Modelling with noise

After modelling “cells”, noise signals were introduced to recapitulate signal fluctuation in “neurites” (Supplementary Fig. 6). The noise followed normal distribution and SD per channel was changed. In this case, Th(d) was defined to cover 95% of the modelled “neurite” with noise. Percent discriminable was determined based on this Th(d) as described above. Modelling codes are available at GitHub (https://github.com/mleiwe/ModellingSuperTetbow).

Quantitative comparison of traced data

We reconstructed neurites using Neurolucida and Imaris 10 Filament tracer (Imaris version 10.0). Because the format of the tracing data is different between the two platforms, we converted the data using the following procedure.

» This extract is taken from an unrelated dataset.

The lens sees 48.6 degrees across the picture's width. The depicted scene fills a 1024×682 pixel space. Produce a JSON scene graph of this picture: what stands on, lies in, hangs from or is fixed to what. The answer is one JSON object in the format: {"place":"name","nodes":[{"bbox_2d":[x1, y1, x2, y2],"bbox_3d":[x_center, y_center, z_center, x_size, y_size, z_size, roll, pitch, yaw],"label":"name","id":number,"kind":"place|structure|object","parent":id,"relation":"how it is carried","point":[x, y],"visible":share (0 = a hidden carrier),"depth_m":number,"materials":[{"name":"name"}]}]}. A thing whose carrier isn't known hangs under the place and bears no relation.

The neuron traces are processed using custom code written in Python3.9.10. The file types included are Neurolucida XML and Imaris filaments, which are converted to the standard SWC format. The manual tracing was performed in Neurolucida360.

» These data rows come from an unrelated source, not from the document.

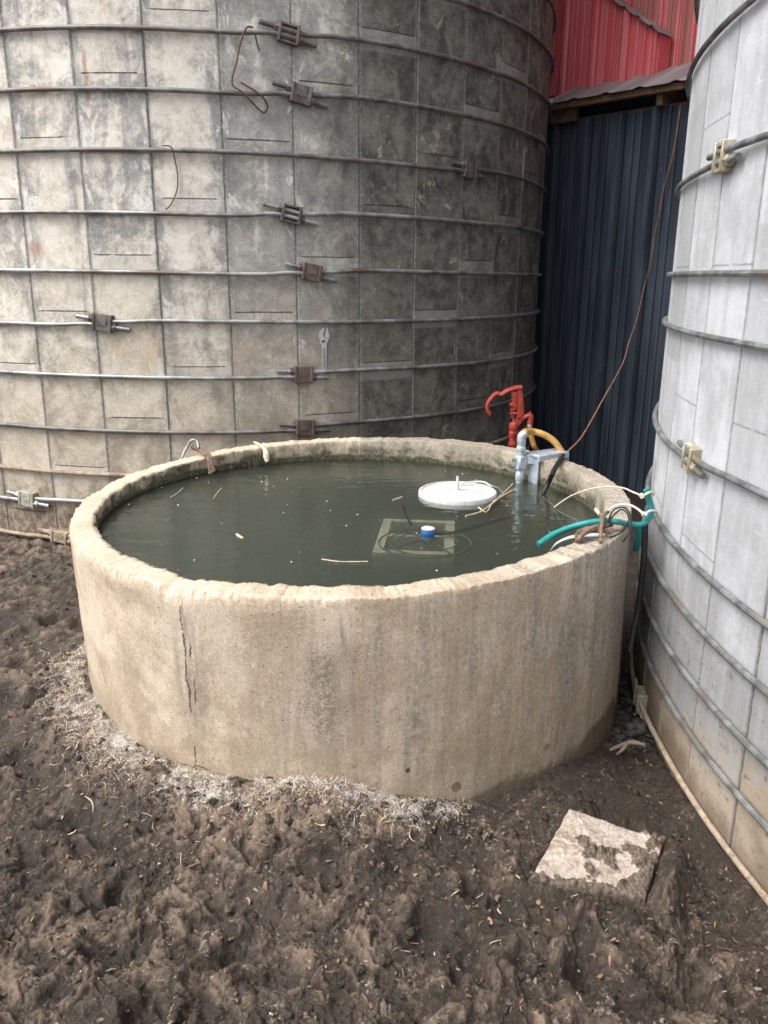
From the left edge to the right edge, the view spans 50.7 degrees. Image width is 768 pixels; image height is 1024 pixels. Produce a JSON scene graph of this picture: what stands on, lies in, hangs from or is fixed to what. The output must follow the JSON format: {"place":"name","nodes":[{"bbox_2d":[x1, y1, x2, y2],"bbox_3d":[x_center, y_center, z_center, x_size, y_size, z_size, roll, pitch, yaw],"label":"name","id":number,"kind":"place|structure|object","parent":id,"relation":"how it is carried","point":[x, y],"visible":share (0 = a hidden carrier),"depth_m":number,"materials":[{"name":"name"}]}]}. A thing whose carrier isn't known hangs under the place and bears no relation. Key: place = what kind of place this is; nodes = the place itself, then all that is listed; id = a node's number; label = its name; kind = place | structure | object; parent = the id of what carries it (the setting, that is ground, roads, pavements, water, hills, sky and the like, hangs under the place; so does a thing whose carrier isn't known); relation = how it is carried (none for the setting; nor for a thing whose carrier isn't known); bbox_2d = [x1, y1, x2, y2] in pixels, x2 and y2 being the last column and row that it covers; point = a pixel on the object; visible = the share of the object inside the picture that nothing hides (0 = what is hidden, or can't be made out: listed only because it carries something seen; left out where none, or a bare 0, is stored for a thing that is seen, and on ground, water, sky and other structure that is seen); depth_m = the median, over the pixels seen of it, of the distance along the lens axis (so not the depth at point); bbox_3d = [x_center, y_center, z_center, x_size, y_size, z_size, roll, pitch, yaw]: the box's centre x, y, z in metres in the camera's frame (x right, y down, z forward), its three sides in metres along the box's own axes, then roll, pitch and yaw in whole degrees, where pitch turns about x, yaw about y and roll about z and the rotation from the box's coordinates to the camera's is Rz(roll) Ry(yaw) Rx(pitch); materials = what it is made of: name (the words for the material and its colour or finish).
{"place":"outdoors","nodes":[
{"label":"outdoors","id":0,"kind":"place"},
{"bbox_2d":[0,492,767,1023],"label":"ground","id":1,"kind":"structure","parent":0,"point":[212,962],"depth_m":1.83,"materials":[{"name":"brown soil"}]},
{"bbox_2d":[3,642,488,868],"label":"dung stalks","id":2,"kind":"object","parent":1,"relation":"on","point":[171,768],"visible":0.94,"depth_m":2.17,"materials":[{"name":"plant"}]},
{"bbox_2d":[15,650,484,872],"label":"dung clods","id":3,"kind":"object","parent":1,"relation":"on","point":[212,801],"visible":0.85,"depth_m":2.12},
{"bbox_2d":[15,642,486,840],"bbox_3d":[-0.571,0.669,2.340,1.819,0.162,0.613,11,19,32],"label":"pale chaff","id":4,"kind":"object","parent":1,"relation":"on","point":[211,781],"visible":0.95,"depth_m":2.17,"materials":[{"name":"plant"}]},
{"bbox_2d":[0,0,556,544],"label":"concrete silo","id":5,"kind":"object","parent":1,"relation":"on","point":[368,190],"visible":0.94,"depth_m":3.82,"materials":[{"name":"concrete"}]},
{"bbox_2d":[161,145,177,209],"bbox_3d":[-0.941,-1.471,3.574,0.061,0.266,0.035,0,16,0],"label":"loose wire","id":6,"kind":"object","parent":5,"relation":"attached to","point":[177,176],"visible":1,"depth_m":3.58,"materials":[{"name":"brown metal"}]},
{"bbox_2d":[231,25,268,112],"bbox_3d":[-0.580,-1.908,3.496,0.162,0.333,0.030,-6,17,-21],"label":"bent wire","id":7,"kind":"object","parent":5,"relation":"attached to","point":[244,84],"visible":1,"depth_m":3.50,"materials":[{"name":"brown metal"}]},
{"bbox_2d":[318,328,329,381],"bbox_3d":[-0.291,-0.764,3.950,0.055,0.260,0.016,-6,17,-21],"label":"adjustable wrench","id":8,"kind":"object","parent":5,"relation":"hanging from","point":[323,341],"visible":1,"depth_m":3.94,"materials":[{"name":"silver metal"}]},
{"bbox_2d":[69,437,631,800],"bbox_3d":[-0.102,0.309,2.981,1.894,0.808,1.900,-1,17,0],"label":"stock tank","id":9,"kind":"object","parent":1,"relation":"on","point":[486,671],"visible":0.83,"depth_m":2.21,"materials":[{"name":"concrete"}]},
{"bbox_2d":[180,439,215,473],"bbox_3d":[-0.766,-0.236,3.404,0.203,0.122,0.073,12,20,35],"label":"iron hook","id":10,"kind":"object","parent":9,"relation":"hanging from","point":[210,462],"visible":0.99,"depth_m":3.40,"materials":[{"name":"metal"}]},
{"bbox_2d":[253,441,268,461],"bbox_3d":[-0.542,-0.270,3.591,0.028,0.061,0.209,-6,17,-20],"label":"twine knot","id":11,"kind":"object","parent":9,"relation":"hanging from","point":[266,454],"visible":1,"depth_m":3.50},
{"bbox_2d":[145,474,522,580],"bbox_3d":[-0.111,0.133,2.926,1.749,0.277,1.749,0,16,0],"label":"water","id":12,"kind":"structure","parent":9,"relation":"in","point":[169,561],"depth_m":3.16,"materials":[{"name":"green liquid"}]},
{"bbox_2d":[321,559,367,561],"bbox_3d":[-0.117,0.144,2.381,0.140,0.004,0.016,3,16,7],"label":"floating straw","id":13,"kind":"object","parent":12,"relation":"on","point":[343,561],"visible":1,"depth_m":2.38,"materials":[{"name":"beige plant"}]},
{"bbox_2d":[418,476,499,511],"bbox_3d":[0.283,-0.086,3.118,0.302,0.101,0.302,8,18,24],"label":"tank float","id":14,"kind":"object","parent":12,"relation":"on","point":[457,495],"visible":0.98,"depth_m":3.06,"materials":[{"name":"white plastic"}]},
{"bbox_2d":[465,488,516,516],"bbox_3d":[0.412,-0.037,3.019,0.028,0.005,0.452,10,19,30],"label":"floating straw","id":15,"kind":"object","parent":12,"relation":"on","point":[490,504],"visible":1,"depth_m":2.98,"materials":[{"name":"beige plant"}]},
{"bbox_2d":[478,483,512,512],"bbox_3d":[0.423,-0.058,3.091,0.048,0.004,0.442,6,17,20],"label":"floating straw","id":16,"kind":"object","parent":12,"relation":"on","point":[495,499],"visible":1,"depth_m":3.06,"materials":[{"name":"beige plant"}]},
{"bbox_2d":[498,488,579,521],"bbox_3d":[0.609,-0.039,3.032,0.112,0.021,0.468,-9,19,-29],"label":"tether line","id":17,"kind":"object","parent":12,"relation":"on","point":[543,498],"visible":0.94,"depth_m":3.10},
{"bbox_2d":[372,518,454,586],"bbox_3d":[0.107,0.191,2.756,0.255,0.234,0.372,2,16,5],"label":"cinder block","id":18,"kind":"object","parent":9,"relation":"on","point":[388,568],"depth_m":2.57,"materials":[{"name":"concrete"}]},
{"bbox_2d":[378,505,471,558],"bbox_3d":[0.134,0.054,2.735,0.306,0.054,0.516,0,16,0],"label":"tank heater","id":19,"kind":"object","parent":18,"relation":"on","point":[427,536],"visible":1,"depth_m":2.64,"materials":[{"name":"blue plastic"}]},
{"bbox_2d":[511,431,568,517],"bbox_3d":[0.639,-0.160,3.336,0.237,0.368,0.098,-10,19,-31],"label":"filler pipe","id":20,"kind":"object","parent":9,"relation":"attached to","point":[521,460],"visible":0.95,"depth_m":3.30,"materials":[{"name":"silver plastic"}]},
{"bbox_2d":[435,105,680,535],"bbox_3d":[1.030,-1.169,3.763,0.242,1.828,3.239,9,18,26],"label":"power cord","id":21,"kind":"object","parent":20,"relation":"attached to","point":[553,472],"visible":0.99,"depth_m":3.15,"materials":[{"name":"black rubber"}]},
{"bbox_2d":[536,488,653,546],"bbox_3d":[0.652,0.024,2.417,0.403,0.149,0.094,-5,17,-19],"label":"teal pipe","id":22,"kind":"object","parent":9,"relation":"attached to","point":[584,523],"visible":0.91,"depth_m":2.41,"materials":[{"name":"plastic"}]},
{"bbox_2d":[574,507,612,543],"bbox_3d":[0.636,0.036,2.394,0.090,0.059,0.266,9,18,26],"label":"leather lashing","id":23,"kind":"object","parent":22,"relation":"attached to","point":[601,527],"visible":0.98,"depth_m":2.33,"materials":[{"name":"brown leather"}]},
{"bbox_2d":[550,533,604,550],"bbox_3d":[0.543,0.103,2.391,0.090,0.118,0.194,-14,21,-40],"label":"white strap","id":24,"kind":"object","parent":23,"relation":"attached to","point":[572,536],"visible":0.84,"depth_m":2.33,"materials":[{"name":"plastic"}]},
{"bbox_2d":[554,486,654,507],"bbox_3d":[0.704,-0.037,2.709,0.070,0.180,0.490,-8,18,-26],"label":"cream tether","id":25,"kind":"object","parent":22,"relation":"attached to","point":[641,495],"visible":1,"depth_m":2.63,"materials":[{"name":"beige plastic"}]},
{"bbox_2d":[607,506,631,541],"bbox_3d":[0.683,0.036,2.350,0.067,0.069,0.168,3,17,10],"label":"black wire","id":26,"kind":"object","parent":22,"relation":"attached to","point":[614,514],"visible":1,"depth_m":2.35,"materials":[{"name":"rubber"}]},
{"bbox_2d":[608,503,657,516],"bbox_3d":[0.771,-0.005,2.512,0.162,0.036,0.062,3,16,10],"label":"tie strap","id":27,"kind":"object","parent":22,"relation":"attached to","point":[643,513],"visible":0.94,"depth_m":2.51,"materials":[{"name":"white plastic"}]},
{"bbox_2d":[632,527,641,551],"bbox_3d":[0.833,0.087,2.663,0.024,0.093,0.030,0,16,0],"label":"green hose","id":28,"kind":"object","parent":9,"relation":"attached to","point":[636,545],"visible":0.83,"depth_m":2.65,"materials":[{"name":"teal plastic"}]},
{"bbox_2d":[627,525,647,652],"bbox_3d":[0.818,0.244,2.604,0.030,0.426,0.097,7,18,22],"label":"black hose","id":29,"kind":"object","parent":9,"relation":"hanging from","point":[640,589],"visible":0.97,"depth_m":2.62,"materials":[{"name":"rubber"}]},
{"bbox_2d":[0,541,767,1023],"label":"leaf litter","id":30,"kind":"object","parent":1,"relation":"on","point":[298,917],"visible":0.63,"depth_m":1.78,"materials":[{"name":"plant"}]},
{"bbox_2d":[485,385,533,447],"bbox_3d":[0.585,-0.115,3.902,0.229,0.989,0.043,0,16,0],"label":"yard hydrant","id":31,"kind":"object","parent":1,"relation":"on","point":[519,416],"visible":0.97,"depth_m":3.79,"materials":[{"name":"red metal"}]},
{"bbox_2d":[522,427,566,460],"bbox_3d":[0.678,-0.208,3.598,0.250,0.428,0.597,0,16,0],"label":"garden hose","id":32,"kind":"object","parent":31,"relation":"attached to","point":[531,432],"visible":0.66,"depth_m":3.34,"materials":[{"name":"beige rubber"}]},
{"bbox_2d":[528,809,665,907],"bbox_3d":[0.515,0.908,1.964,0.247,0.209,0.338,9,19,28],"label":"concrete block","id":33,"kind":"object","parent":1,"relation":"on","point":[593,856],"depth_m":1.94,"materials":[{"name":"beige concrete"}]},
{"bbox_2d":[528,62,692,494],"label":"metal shed","id":34,"kind":"structure","parent":1,"relation":"on","point":[609,157],"depth_m":5.44,"materials":[{"name":"blue metal"}]},
{"bbox_2d":[549,0,699,96],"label":"red barn","id":35,"kind":"structure","parent":34,"relation":"on","point":[596,42],"depth_m":5.33,"materials":[{"name":"red metal"}]},
{"bbox_2d":[609,740,644,754],"bbox_3d":[0.743,0.721,2.485,0.107,0.041,0.035,0,16,0],"label":"dead root","id":36,"kind":"object","parent":1,"relation":"on","point":[624,745],"visible":1,"depth_m":2.48,"materials":[{"name":"beige wood"}]},
{"bbox_2d":[629,0,767,905],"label":"concrete silo","id":37,"kind":"object","parent":1,"relation":"on","point":[698,658],"visible":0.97,"depth_m":2.10,"materials":[{"name":"concrete"}]},
{"bbox_2d":[611,659,656,751],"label":"gap gravel","id":38,"kind":"structure","parent":0,"point":[639,725],"depth_m":2.66,"materials":[{"name":"grey gravel"}]}
]}

First, the Imaris 10 Filament Tracer was used to obtain the automatic tracing result. Subsequently, the filaments were converted directly from Imaris to ‘SWC’ morphologies using a custom-written SWC exporter, which is then parsed in Python. The code is available on GitHub (https://github.com/Elsword016/Swc-plugins-for-Imaris-10). For Neurolucida XML, we converted it to a MATLAB struct using codes that were already integrated into the main QDyeFinder algorithm. The MATLAB struct is then parsed in Python using the mat73 library.

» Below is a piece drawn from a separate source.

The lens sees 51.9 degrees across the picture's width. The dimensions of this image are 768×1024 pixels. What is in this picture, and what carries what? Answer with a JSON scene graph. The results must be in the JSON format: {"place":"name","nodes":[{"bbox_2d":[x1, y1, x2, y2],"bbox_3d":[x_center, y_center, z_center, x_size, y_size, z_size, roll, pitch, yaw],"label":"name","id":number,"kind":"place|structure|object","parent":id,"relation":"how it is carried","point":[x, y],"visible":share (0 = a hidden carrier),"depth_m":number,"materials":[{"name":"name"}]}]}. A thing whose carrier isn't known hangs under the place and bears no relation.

For our quantification metric, we calculated “% reconstructed”, which indicates how much of the ground truth fragments were covered by QDyeFinder or Imaris (area of intersection / area of ground truth). We increased the width of the traces of QDyeFynder or Imaris by 10 pixels to negate small misalignments of the traces (<10 pixels).

Statistics and reproducibility

Statistical analyses used are explained in figure legends. Sample sizes were not pre-determined. We did not perform blind analyses. Instead, we analysed all the possible neurites in the images to exclude any human biases. Numbers of synthetic “neurons” (10,000 cells) in simulation studies were determined based on the computational costs. Representative images and their data in Figures were chosen from at least three independent samples with similar conclusions. Labelling densities with Tetbow varied between experiments; we have excluded samples where the labelled neurons were too sparse (<10) or too dense ( > 500). Exclusion criteria for QDyeFinder pipeline are explained in Fig. 2.

Reporting summary

Further information on research design is available in the Nature Portfolio Reporting Summary linked to this article.